雪人
 エレミールは引っ張られる形でベットのそばまで近づいているのに気付き、まさかと思う。心臓が忙しなくバクバクと動き、全身が鐘のようになった感じがする。思わぬ展開に乙女心に火がつく。
(ああ、私今日でやっと奪われるのね…。どうしよう恥ずかしい!それに朝からなんて想像してなかったわ。でもいいの…願ってもないチャンスだから)

 黙々と妄想を膨らませると、ピタッと立ち止まる振動がルイ越しに伝わる。
 とうとう来たのねと思い、エレミールはルイに体を委ねようとした瞬間割れたガラスのように乙女心は崩れてしまった。

「着替えるから早く出てってくれ」

 愕然とするエレミールを余所に、ルイは部屋から追い出した。
 ポツンと廊下に一人残されたエレミールはふつふつと怒りが込み上げてくるのを感じる。

「私の乙女心を返せええええーーーー!!」

 エレミールの怒りが頂点に達し、宿屋全体に響き渡る叫び声を上げたのだった。
もちろん、後で宿屋の人に怒られたのは言うまでも無いことだが。


 宿屋の食堂で一人拗ねた表情で機嫌の悪いエレミール。その正面には何事もなかったかのように食事をしているルイ。
 食堂はルゲイエが居たということもあり、人が全くといっていいほど居ない。ルイ達二人を含め四人の客しかいないのだ。
 ルイは相変わらず拗ねたままのエレミールに視線を向け、これから任務先に行かなければならないのに拗ねた奴のせいで支障が出ると困ると思いながらパンを噛っている。

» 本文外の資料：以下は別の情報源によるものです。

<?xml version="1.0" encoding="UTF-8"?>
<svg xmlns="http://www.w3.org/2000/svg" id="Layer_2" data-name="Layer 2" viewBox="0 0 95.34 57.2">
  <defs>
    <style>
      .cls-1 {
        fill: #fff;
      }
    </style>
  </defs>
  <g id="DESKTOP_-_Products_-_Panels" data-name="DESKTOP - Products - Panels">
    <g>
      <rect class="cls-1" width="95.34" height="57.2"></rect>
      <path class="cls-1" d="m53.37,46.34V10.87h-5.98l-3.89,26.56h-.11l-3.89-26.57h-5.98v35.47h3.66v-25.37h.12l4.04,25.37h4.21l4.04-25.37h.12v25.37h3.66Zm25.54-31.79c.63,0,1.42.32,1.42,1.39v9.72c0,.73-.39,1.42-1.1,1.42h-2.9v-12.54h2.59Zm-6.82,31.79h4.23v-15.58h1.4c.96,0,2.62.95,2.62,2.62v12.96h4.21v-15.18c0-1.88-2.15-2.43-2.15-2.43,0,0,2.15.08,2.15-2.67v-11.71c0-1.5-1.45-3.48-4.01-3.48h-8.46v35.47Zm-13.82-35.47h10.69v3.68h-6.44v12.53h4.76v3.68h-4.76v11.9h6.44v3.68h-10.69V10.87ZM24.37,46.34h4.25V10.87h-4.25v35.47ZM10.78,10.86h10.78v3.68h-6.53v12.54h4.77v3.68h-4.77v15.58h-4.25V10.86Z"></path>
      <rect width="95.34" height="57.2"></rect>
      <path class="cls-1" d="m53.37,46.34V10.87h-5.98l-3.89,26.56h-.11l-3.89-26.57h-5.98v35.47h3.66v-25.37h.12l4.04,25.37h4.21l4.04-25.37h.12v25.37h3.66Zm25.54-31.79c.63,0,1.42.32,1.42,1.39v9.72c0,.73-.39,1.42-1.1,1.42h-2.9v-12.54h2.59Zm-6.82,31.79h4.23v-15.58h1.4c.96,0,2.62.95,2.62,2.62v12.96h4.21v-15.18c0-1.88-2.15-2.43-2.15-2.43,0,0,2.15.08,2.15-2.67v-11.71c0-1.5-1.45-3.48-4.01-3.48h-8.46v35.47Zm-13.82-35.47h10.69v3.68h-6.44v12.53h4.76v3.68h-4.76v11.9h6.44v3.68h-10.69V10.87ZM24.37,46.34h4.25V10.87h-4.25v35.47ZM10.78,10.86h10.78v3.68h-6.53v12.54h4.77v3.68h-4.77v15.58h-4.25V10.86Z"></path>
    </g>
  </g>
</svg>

(ころころ表情が変わる奴だな。ん〜いっそのことあっちに送り返すか…いや、童顔野郎がまたこっちに送ってくる可能性が高いしな。仕方ない、この手でいくか)

 拗ねた目の前人物のご機嫌をとる方法を思いつき、目を逸らしそっぽを向いてるエレミールに声を掛ける。

「機嫌直せよ、エミル。二ヵ月前に断った買い物、拗ねるの止めてくれたら本部に戻ったら付き合うよ」

「本当に!?嘘じゃないよね!?」

 その言葉に反応し、そっぽを向いていた顔をルイに向け嬉々したように聞く。
 ルイはエレミールのその様子に苦笑しつつも頷き肯定の意志を示す。
 それを見たエレミールは手を握りガッツポーズする。